Without the images, set down each entry exactly.

═══

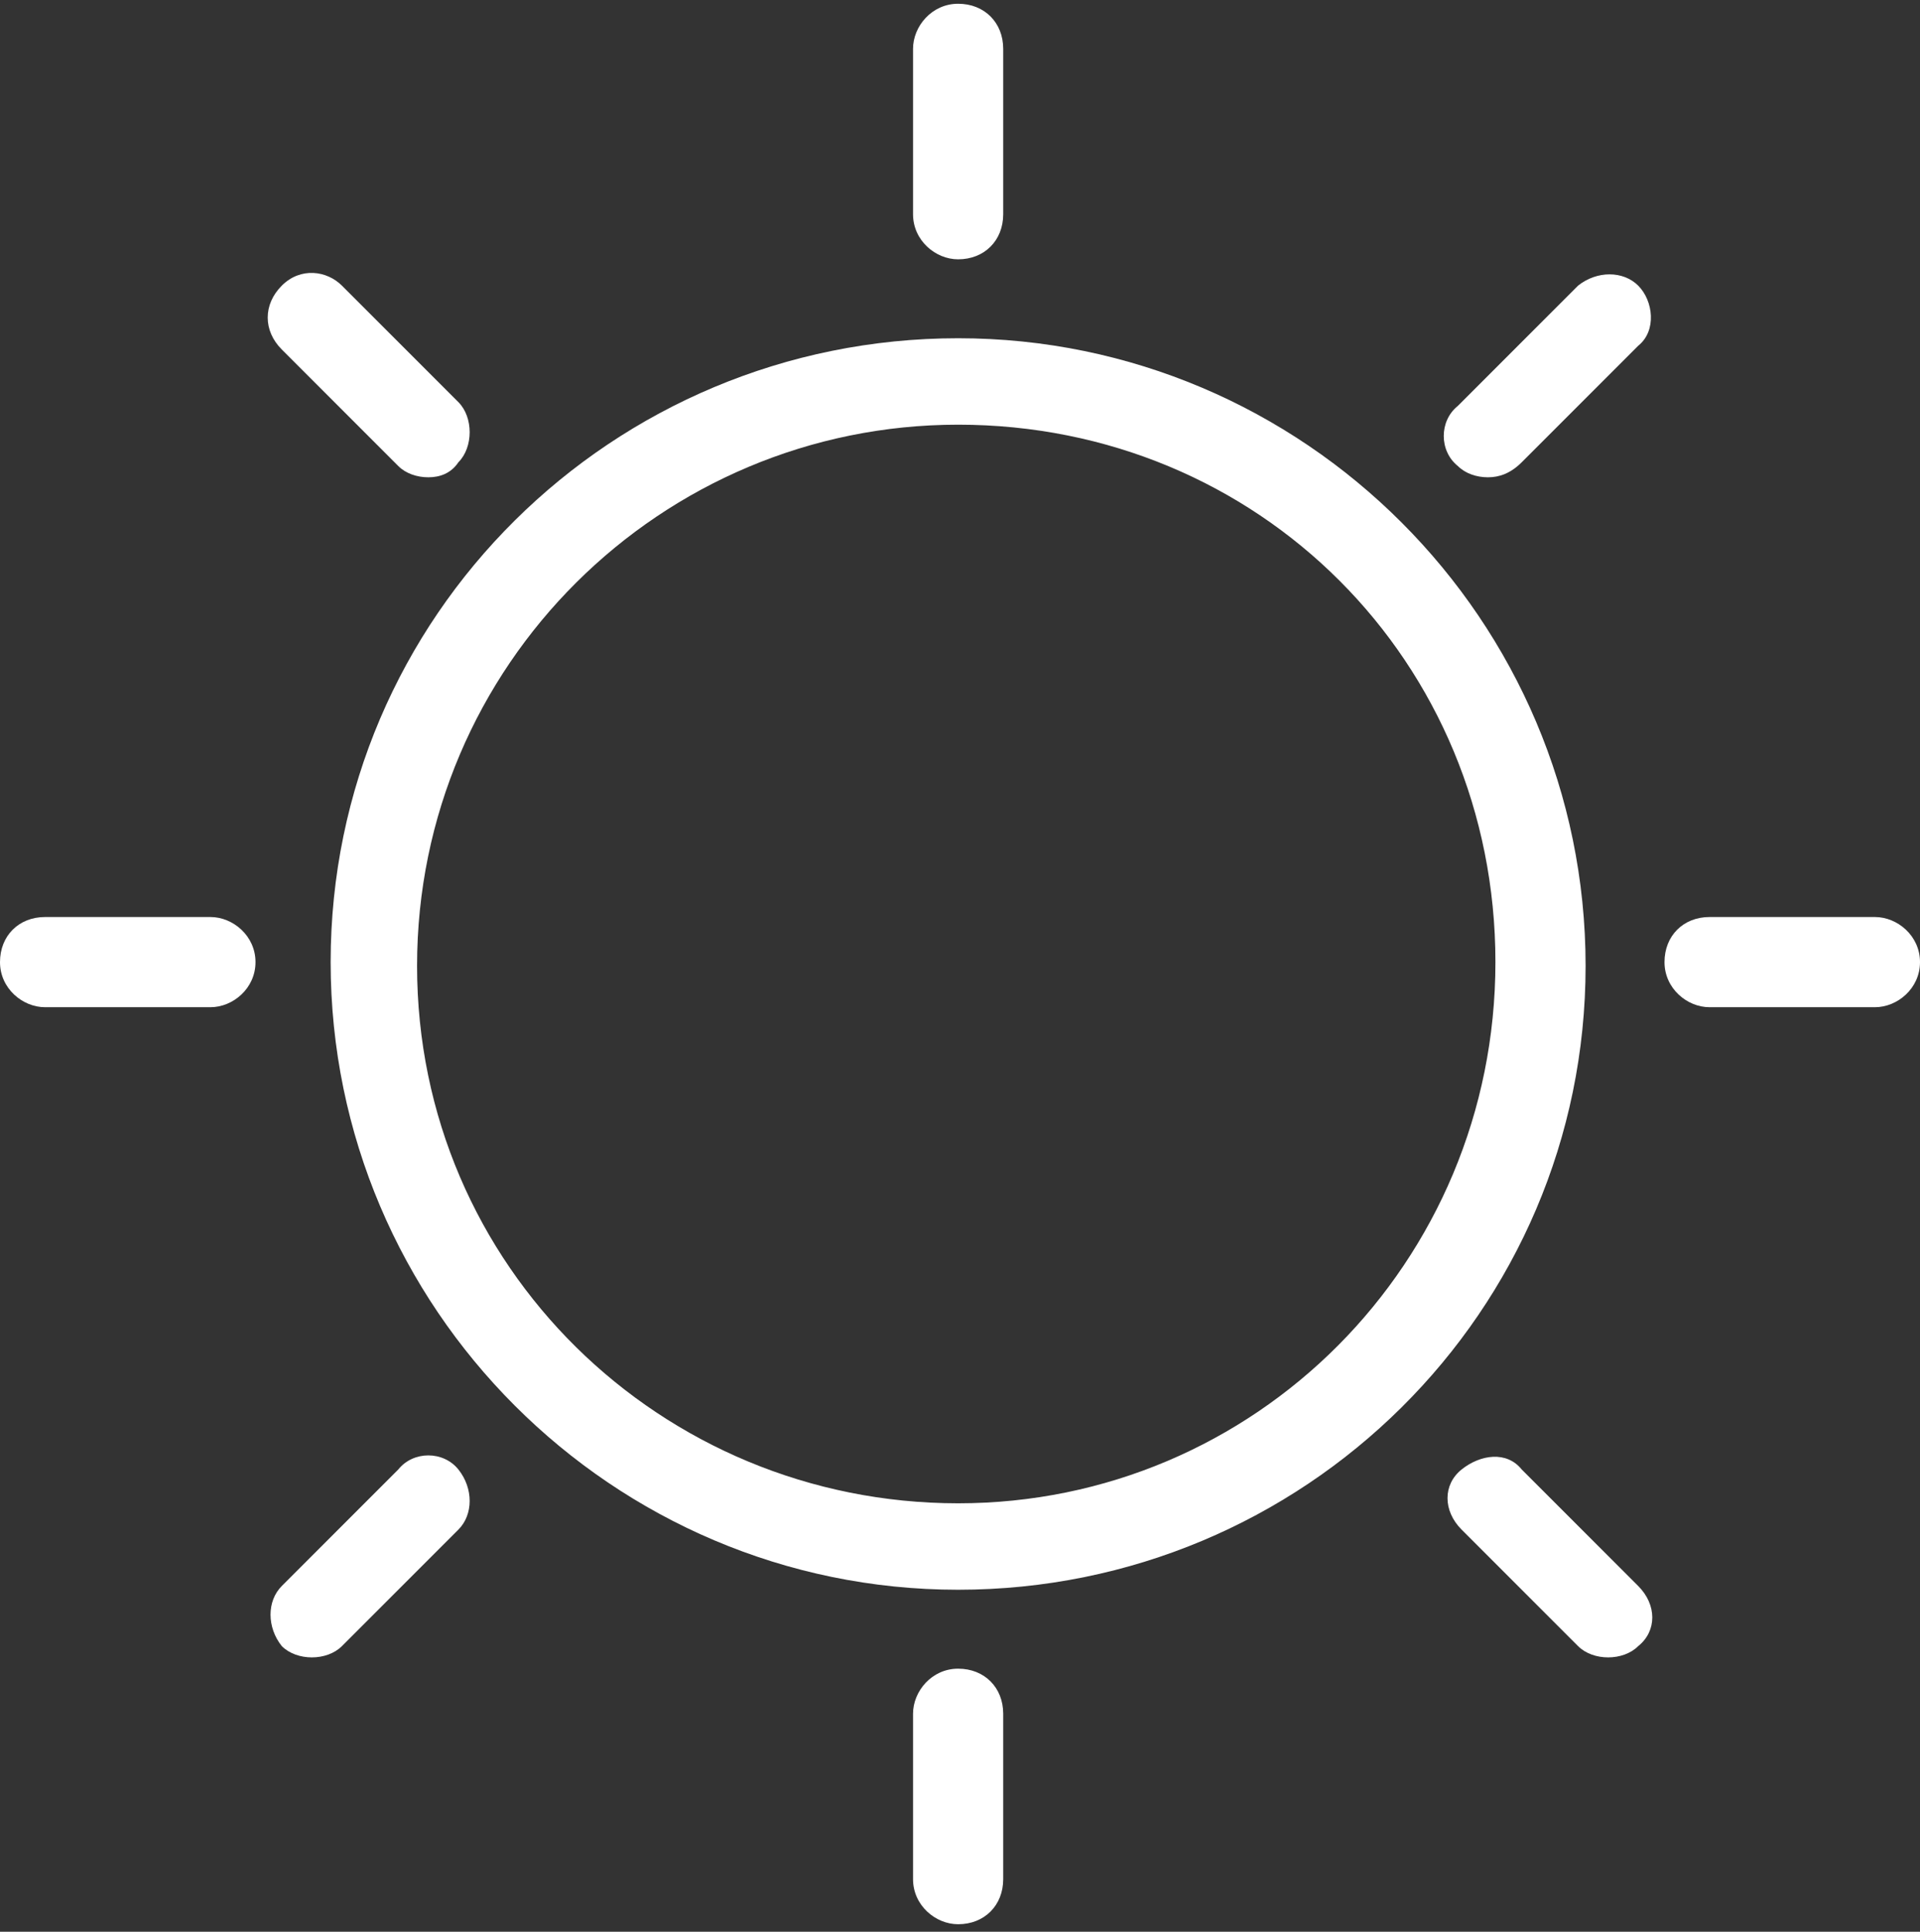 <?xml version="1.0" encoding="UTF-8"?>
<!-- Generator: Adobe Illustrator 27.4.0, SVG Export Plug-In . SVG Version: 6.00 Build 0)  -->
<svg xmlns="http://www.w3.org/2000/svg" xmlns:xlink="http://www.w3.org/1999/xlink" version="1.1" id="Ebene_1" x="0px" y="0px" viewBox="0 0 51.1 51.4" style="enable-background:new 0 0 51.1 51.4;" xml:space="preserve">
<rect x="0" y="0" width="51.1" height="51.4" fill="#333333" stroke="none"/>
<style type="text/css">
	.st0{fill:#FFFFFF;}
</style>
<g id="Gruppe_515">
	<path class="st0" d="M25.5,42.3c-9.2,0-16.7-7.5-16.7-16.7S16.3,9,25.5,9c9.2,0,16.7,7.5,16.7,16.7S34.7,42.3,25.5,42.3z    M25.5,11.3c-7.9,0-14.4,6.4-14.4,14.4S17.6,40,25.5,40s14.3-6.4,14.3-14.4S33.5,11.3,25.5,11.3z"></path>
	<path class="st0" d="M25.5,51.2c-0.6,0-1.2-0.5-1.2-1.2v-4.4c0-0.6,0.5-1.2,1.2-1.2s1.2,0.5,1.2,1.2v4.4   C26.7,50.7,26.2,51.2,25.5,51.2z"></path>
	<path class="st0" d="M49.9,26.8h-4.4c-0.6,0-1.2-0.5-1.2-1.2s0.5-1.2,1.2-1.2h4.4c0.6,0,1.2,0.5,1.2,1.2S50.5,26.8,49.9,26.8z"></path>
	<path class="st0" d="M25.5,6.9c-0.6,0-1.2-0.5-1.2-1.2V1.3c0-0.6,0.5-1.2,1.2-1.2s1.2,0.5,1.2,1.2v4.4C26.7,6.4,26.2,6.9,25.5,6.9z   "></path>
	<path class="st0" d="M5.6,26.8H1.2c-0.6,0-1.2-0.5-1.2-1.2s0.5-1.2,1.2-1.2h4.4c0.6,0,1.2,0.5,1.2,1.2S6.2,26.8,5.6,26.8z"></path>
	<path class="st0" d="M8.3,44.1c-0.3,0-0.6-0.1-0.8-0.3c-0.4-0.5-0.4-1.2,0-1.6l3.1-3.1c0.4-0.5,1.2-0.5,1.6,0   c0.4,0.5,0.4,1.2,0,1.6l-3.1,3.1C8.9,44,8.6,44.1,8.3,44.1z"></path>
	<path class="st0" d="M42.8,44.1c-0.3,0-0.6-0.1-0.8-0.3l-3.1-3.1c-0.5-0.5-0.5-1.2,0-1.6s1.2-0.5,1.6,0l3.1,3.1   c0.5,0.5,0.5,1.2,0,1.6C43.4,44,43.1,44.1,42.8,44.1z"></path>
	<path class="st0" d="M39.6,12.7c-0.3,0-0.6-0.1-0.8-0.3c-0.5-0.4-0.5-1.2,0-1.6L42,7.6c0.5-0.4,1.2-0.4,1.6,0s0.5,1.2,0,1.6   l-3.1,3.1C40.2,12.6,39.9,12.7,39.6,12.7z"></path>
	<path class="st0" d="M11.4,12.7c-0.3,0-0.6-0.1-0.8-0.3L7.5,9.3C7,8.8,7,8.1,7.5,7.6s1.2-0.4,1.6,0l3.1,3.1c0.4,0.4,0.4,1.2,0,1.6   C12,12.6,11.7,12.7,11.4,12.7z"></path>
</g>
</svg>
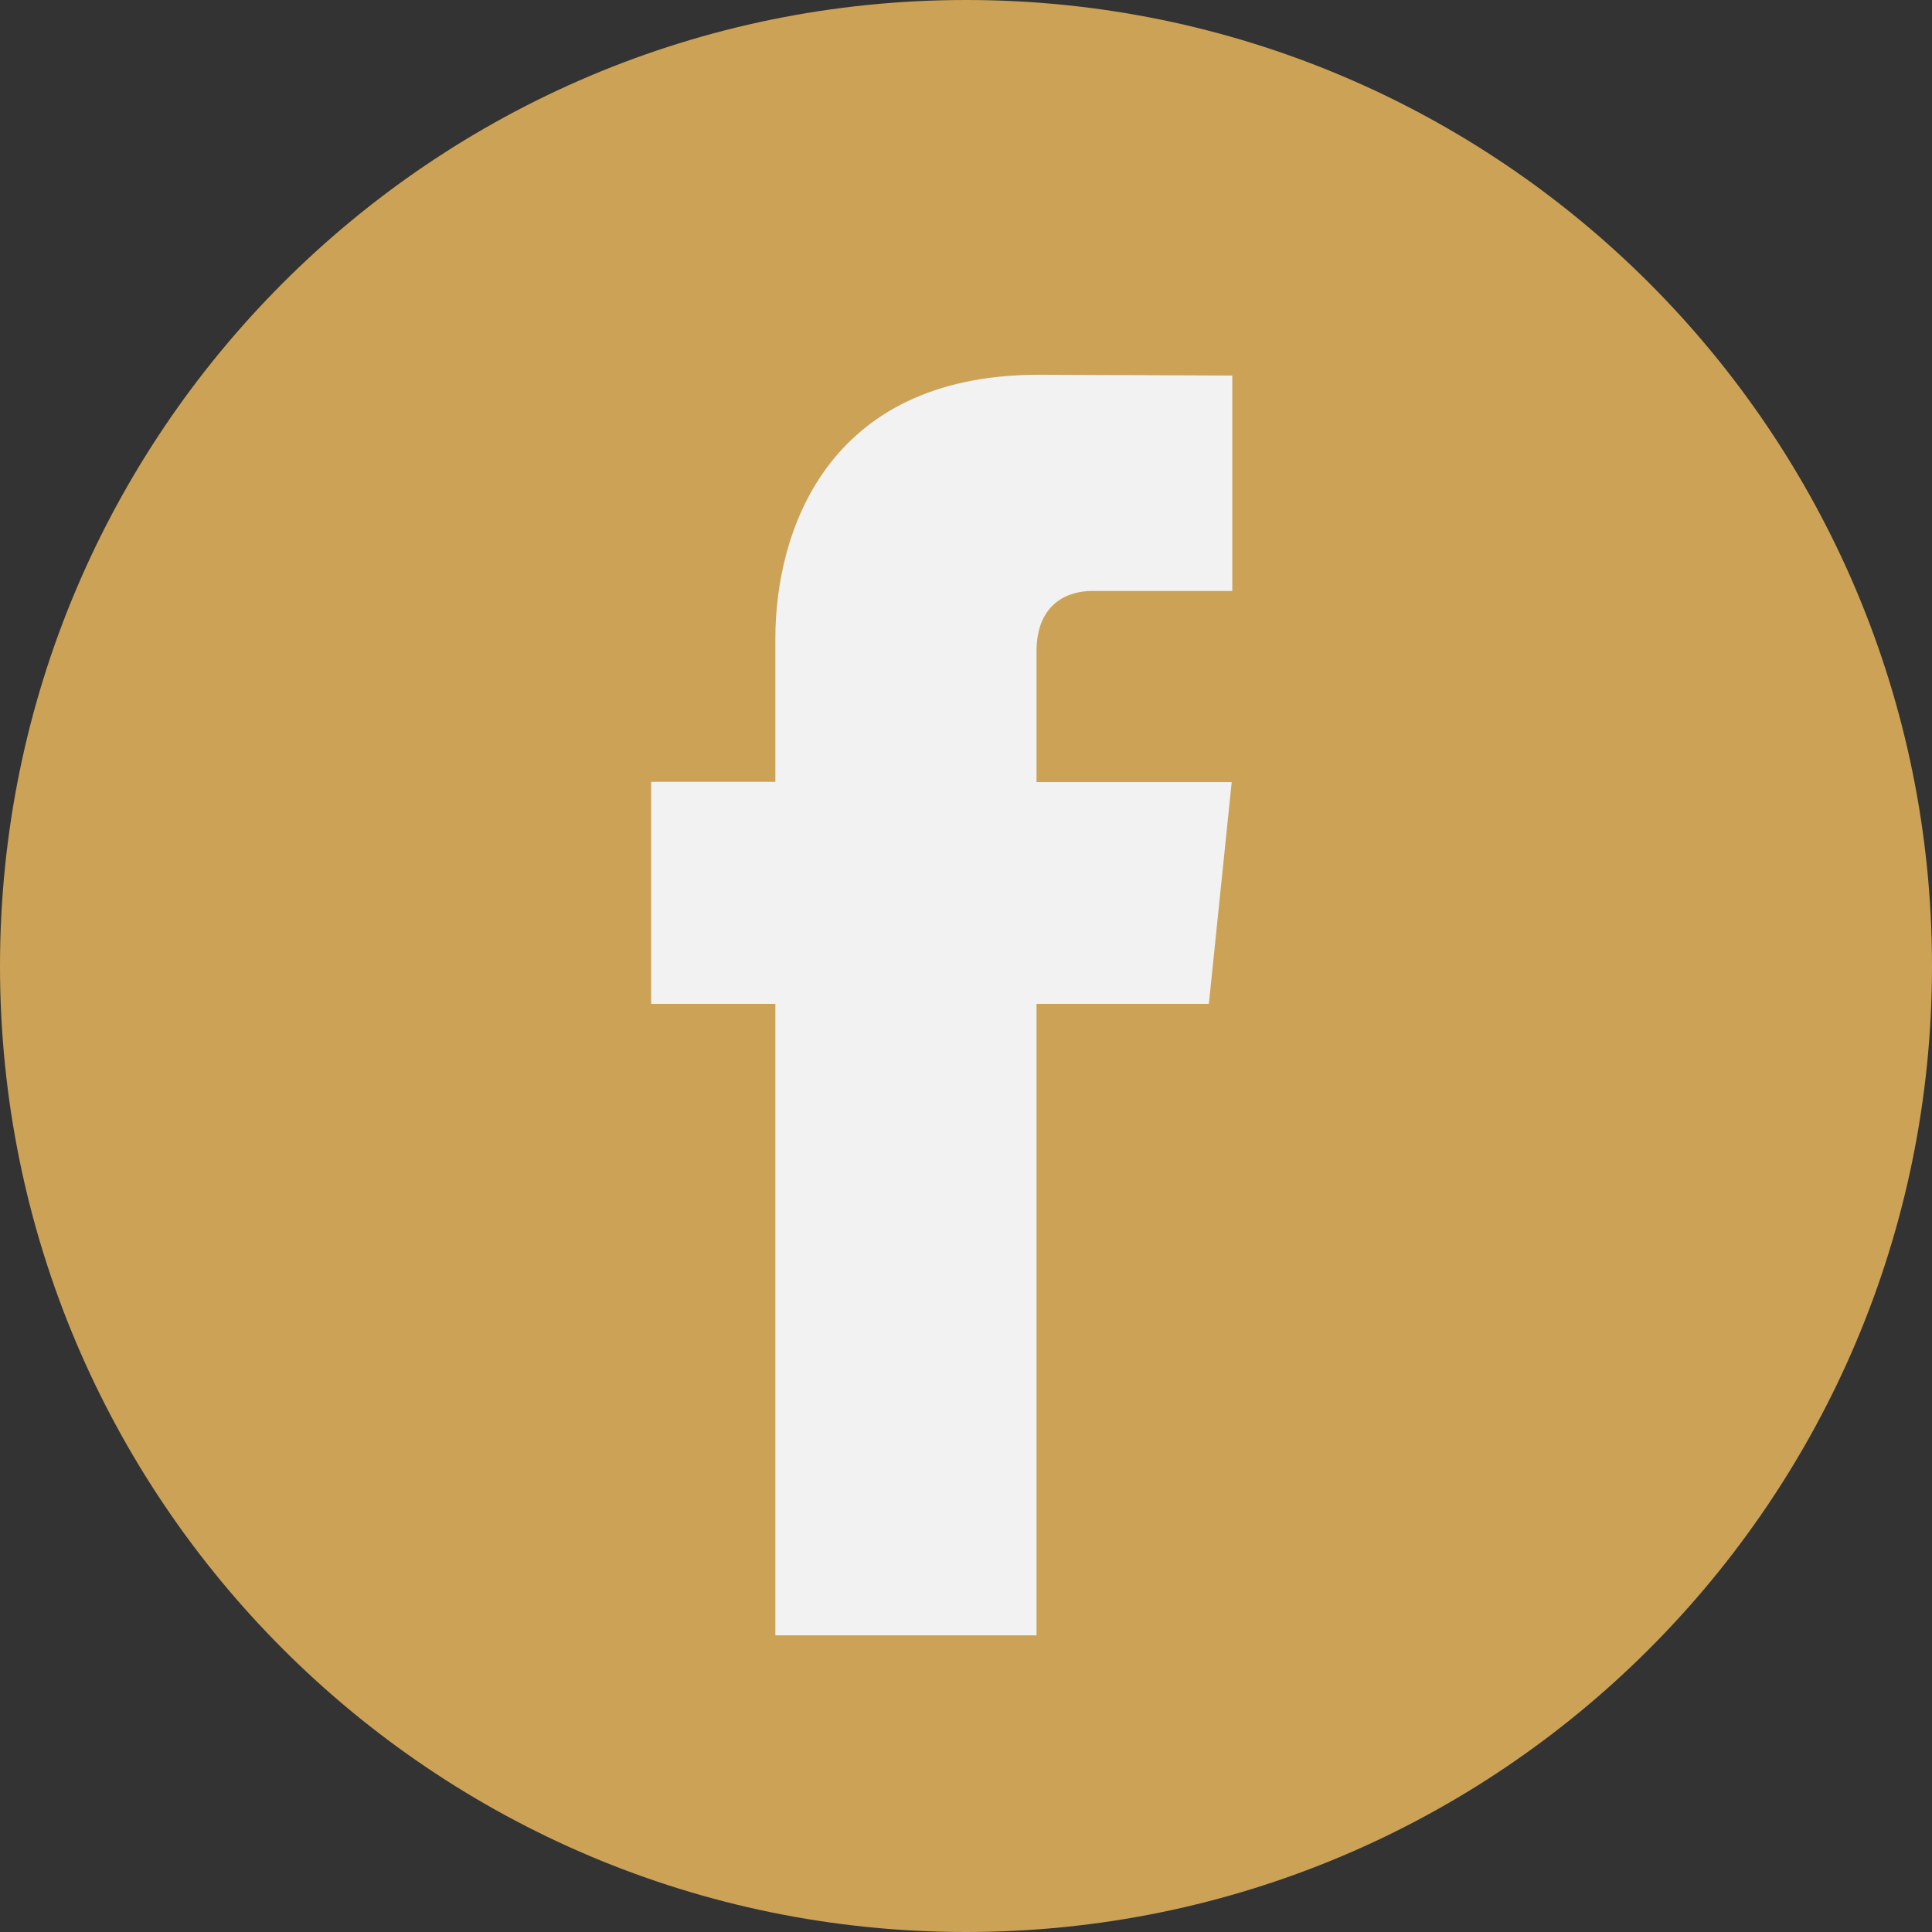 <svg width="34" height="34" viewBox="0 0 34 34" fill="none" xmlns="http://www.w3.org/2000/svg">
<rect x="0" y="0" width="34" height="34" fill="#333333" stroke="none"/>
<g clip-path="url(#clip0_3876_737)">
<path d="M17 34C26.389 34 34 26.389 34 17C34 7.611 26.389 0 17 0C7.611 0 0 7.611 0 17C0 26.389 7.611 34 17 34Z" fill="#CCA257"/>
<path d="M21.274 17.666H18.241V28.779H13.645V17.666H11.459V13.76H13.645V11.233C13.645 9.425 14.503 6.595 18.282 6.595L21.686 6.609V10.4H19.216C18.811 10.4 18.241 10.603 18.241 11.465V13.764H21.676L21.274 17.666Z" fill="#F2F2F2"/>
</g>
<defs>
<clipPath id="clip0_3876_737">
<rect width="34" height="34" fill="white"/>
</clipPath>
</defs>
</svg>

═══

ANSWER TO THE PROBLEM:
 <?xml version="1.0" encoding="UTF-8"?>
<!-- Generator: Adobe Illustrator 27.4.0, SVG Export Plug-In . SVG Version: 6.00 Build 0)  -->
<svg xmlns="http://www.w3.org/2000/svg" xmlns:xlink="http://www.w3.org/1999/xlink" version="1.1" id="Ebene_1" x="0px" y="0px" viewBox="0 0 51.1 51.4" style="enable-background:new 0 0 51.1 51.4;" xml:space="preserve">
<rect x="0" y="0" width="51.1" height="51.4" fill="#333333" stroke="none"/>
<style type="text/css">
	.st0{fill:#FFFFFF;}
</style>
<g id="Gruppe_515">
	<path class="st0" d="M25.5,42.3c-9.2,0-16.7-7.5-16.7-16.7S16.3,9,25.5,9c9.2,0,16.7,7.5,16.7,16.7S34.7,42.3,25.5,42.3z    M25.5,11.3c-7.9,0-14.4,6.4-14.4,14.4S17.6,40,25.5,40s14.3-6.4,14.3-14.4S33.5,11.3,25.5,11.3z"></path>
	<path class="st0" d="M25.5,51.2c-0.6,0-1.2-0.5-1.2-1.2v-4.4c0-0.6,0.5-1.2,1.2-1.2s1.2,0.5,1.2,1.2v4.4   C26.7,50.7,26.2,51.2,25.5,51.2z"></path>
	<path class="st0" d="M49.9,26.8h-4.4c-0.6,0-1.2-0.5-1.2-1.2s0.5-1.2,1.2-1.2h4.4c0.6,0,1.2,0.5,1.2,1.2S50.5,26.8,49.9,26.8z"></path>
	<path class="st0" d="M25.5,6.9c-0.6,0-1.2-0.5-1.2-1.2V1.3c0-0.6,0.5-1.2,1.2-1.2s1.2,0.5,1.2,1.2v4.4C26.7,6.4,26.2,6.9,25.5,6.9z   "></path>
	<path class="st0" d="M5.6,26.8H1.2c-0.6,0-1.2-0.5-1.2-1.2s0.5-1.2,1.2-1.2h4.4c0.6,0,1.2,0.5,1.2,1.2S6.2,26.8,5.6,26.8z"></path>
	<path class="st0" d="M8.3,44.1c-0.3,0-0.6-0.1-0.8-0.3c-0.4-0.5-0.4-1.2,0-1.6l3.1-3.1c0.4-0.5,1.2-0.5,1.6,0   c0.4,0.5,0.4,1.2,0,1.6l-3.1,3.1C8.9,44,8.6,44.1,8.3,44.1z"></path>
	<path class="st0" d="M42.8,44.1c-0.3,0-0.6-0.1-0.8-0.3l-3.1-3.1c-0.5-0.5-0.5-1.2,0-1.6s1.2-0.5,1.6,0l3.1,3.1   c0.5,0.5,0.5,1.2,0,1.6C43.4,44,43.1,44.1,42.8,44.1z"></path>
	<path class="st0" d="M39.6,12.7c-0.3,0-0.6-0.1-0.8-0.3c-0.5-0.4-0.5-1.2,0-1.6L42,7.6c0.5-0.4,1.2-0.4,1.6,0s0.5,1.2,0,1.6   l-3.1,3.1C40.2,12.6,39.9,12.7,39.6,12.7z"></path>
	<path class="st0" d="M11.4,12.7c-0.3,0-0.6-0.1-0.8-0.3L7.5,9.3C7,8.8,7,8.1,7.5,7.6s1.2-0.4,1.6,0l3.1,3.1c0.4,0.4,0.4,1.2,0,1.6   C12,12.6,11.7,12.7,11.4,12.7z"></path>
</g>
</svg>
 <svg width="34" height="34" viewBox="0 0 34 34" fill="none" xmlns="http://www.w3.org/2000/svg">
<rect x="0" y="0" width="34" height="34" fill="#333333" stroke="none"/>
<g clip-path="url(#clip0_3876_737)">
<path d="M17 34C26.389 34 34 26.389 34 17C34 7.611 26.389 0 17 0C7.611 0 0 7.611 0 17C0 26.389 7.611 34 17 34Z" fill="#CCA257"/>
<path d="M21.274 17.666H18.241V28.779H13.645V17.666H11.459V13.76H13.645V11.233C13.645 9.425 14.503 6.595 18.282 6.595L21.686 6.609V10.4H19.216C18.811 10.4 18.241 10.603 18.241 11.465V13.764H21.676L21.274 17.666Z" fill="#F2F2F2"/>
</g>
<defs>
<clipPath id="clip0_3876_737">
<rect width="34" height="34" fill="white"/>
</clipPath>
</defs>
</svg>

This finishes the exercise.